In any event, contrary to what could have been implied by the search for cinematic truth, MAN WITH A MOVIE CAMERA warps reality to tremendous effect. The ever-present, fourth-wall-breaking, titular “character” constantly reminds you that the film is a presentation, if the beginning sequence in a movie theater didn’t already hammer that home. And fast, slow and stop motion, split screens, double exposure, split screens, and many more techniques weave a dreamlike experience of an unidentified Soviet city; unidentified because it was in fact a composite of Kiev, Kharkov, Moscow, and Odessa. And so of course, even if it was in fact filmed in just one city, its presentation of a full day in the life of a Soviet metropolis is not inherently true.

That doesn’t stop Vertov and MAN WITH A MOVIE CAMERA from providing intimacy and complexity, though. Its production realities are not barriers to believing in the course of a day in a Soviet city. They don’t hinder the presentation of human experiences, simple in isolation and grandly poetic all together. MAN WITH A MOVIE CAMERA’s rhythm is impeccable, barreling forward and sliding sideways because of Vertov’s avant-garde techniques, keeping one totally engrossed in minutiae. It’s no wonder, then, that it influenced an entire generation of filmmakers.

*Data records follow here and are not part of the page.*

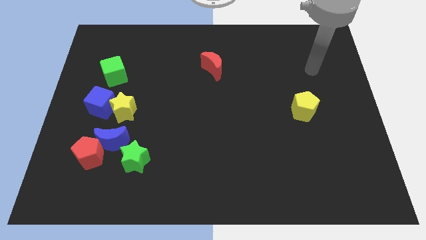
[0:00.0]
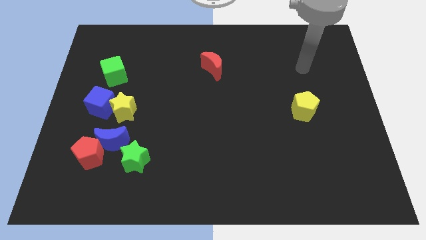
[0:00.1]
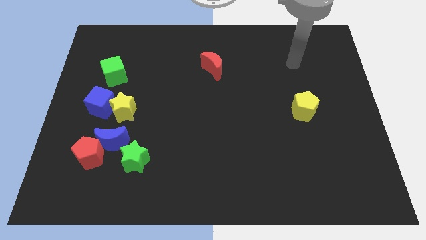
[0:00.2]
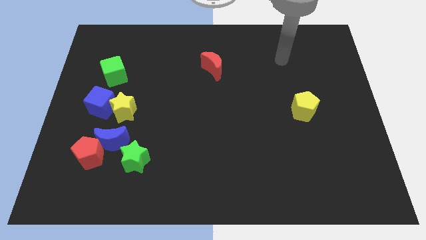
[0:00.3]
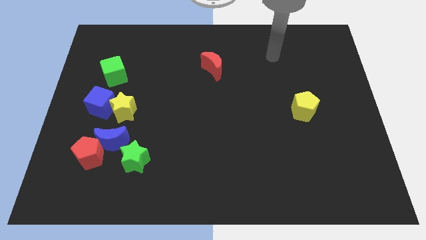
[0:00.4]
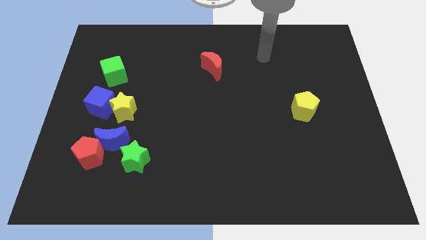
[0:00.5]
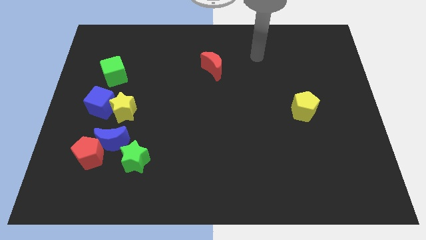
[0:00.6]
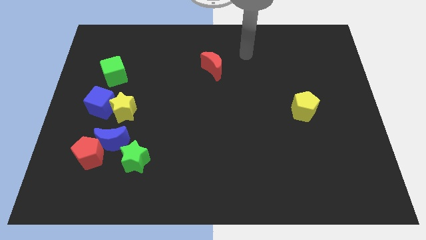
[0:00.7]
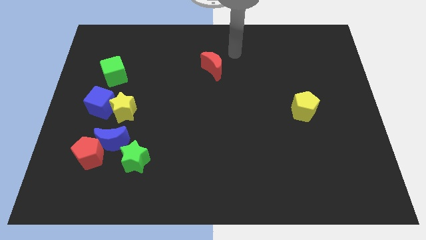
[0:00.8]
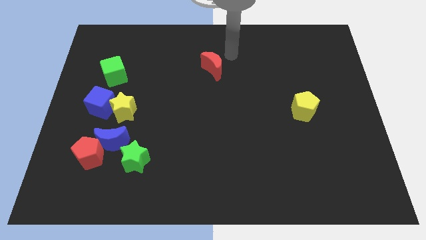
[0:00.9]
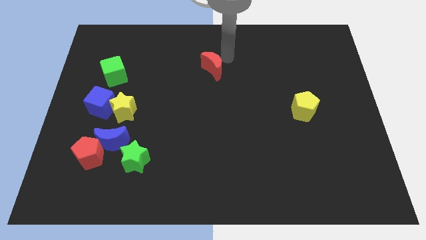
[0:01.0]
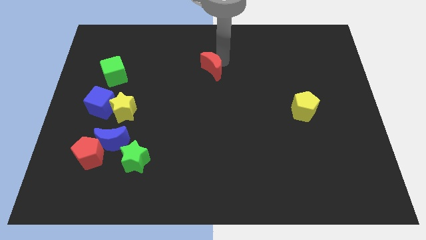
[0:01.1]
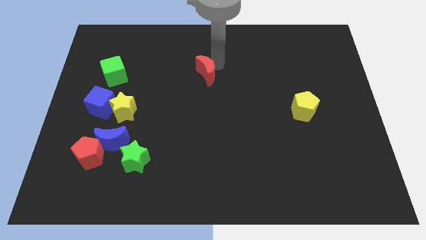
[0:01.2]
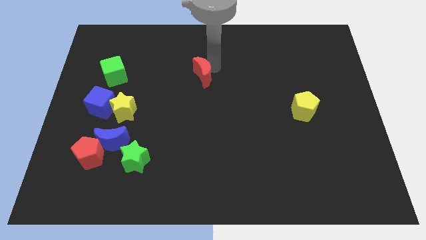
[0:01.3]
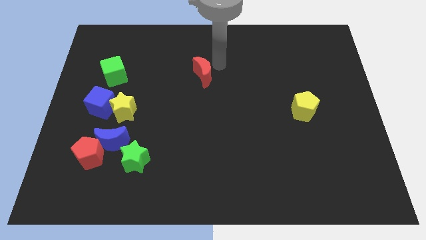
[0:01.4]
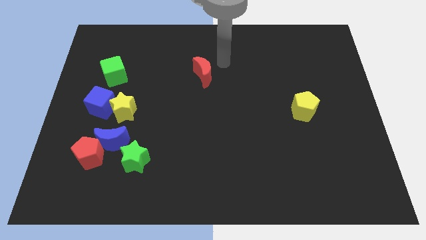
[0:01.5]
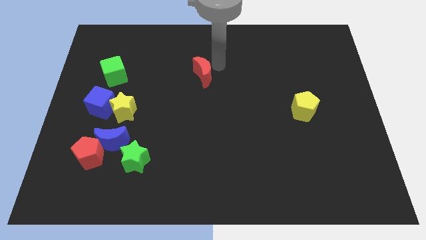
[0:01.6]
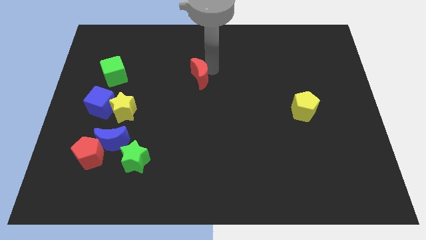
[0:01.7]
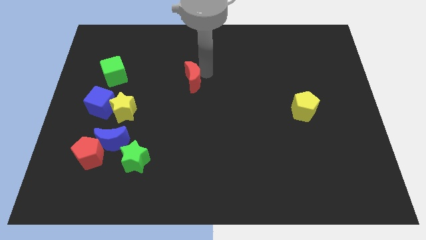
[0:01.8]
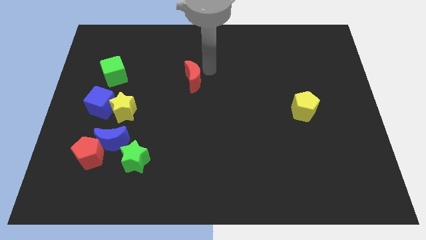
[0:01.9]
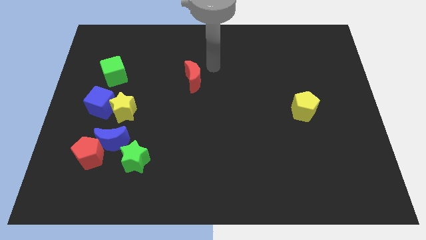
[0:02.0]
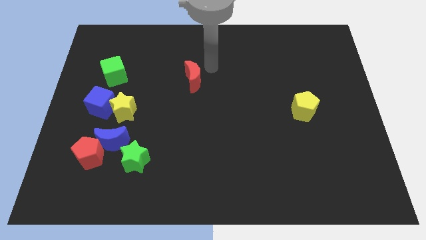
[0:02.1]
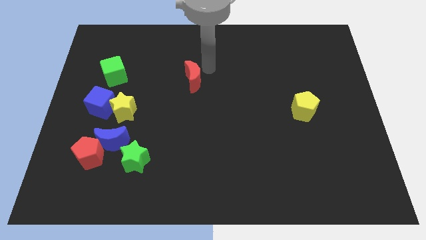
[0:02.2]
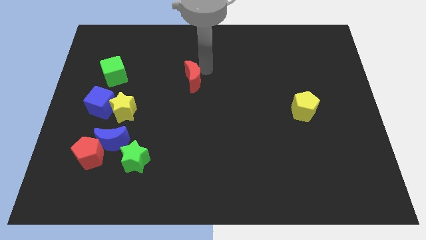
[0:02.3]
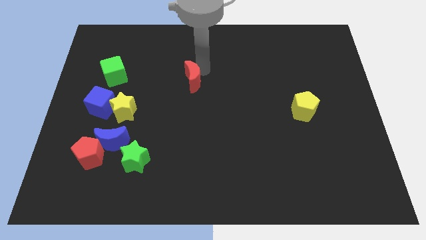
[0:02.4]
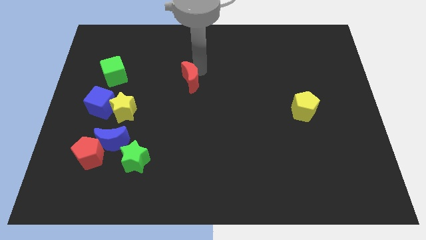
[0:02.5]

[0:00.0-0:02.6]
slightly slide the red moon downwards and to the left diagonally

But that would have to come later, because Vertov wasn’t entirely recognized as a genius in his own time. His reputation in the Soviet Union was worse than it was abroad, and it wasn’t until the 1960s that he and MAN WITH A MOVIE CAMERA especially were heralded as one of the best of all time (filmmakers and film, respectively). Like Sergei Eisenstein, his artistic command weakened in the sound era, and by the late ’30s, his vision was confined to editorial skills, and he died in 1954.

Full film

MAN WITH A MOVIE CAMERA was Vertov’s greatest work. For all his posturing about the importance of truth on camera, the film is not entirely realistic. With its special effects, it enters almost into a dream world at times, pulling in and out of reality so as to make those real moments all the more affecting. Enter into its world, separate from ours, and find truth, or truths, for your reality regardless.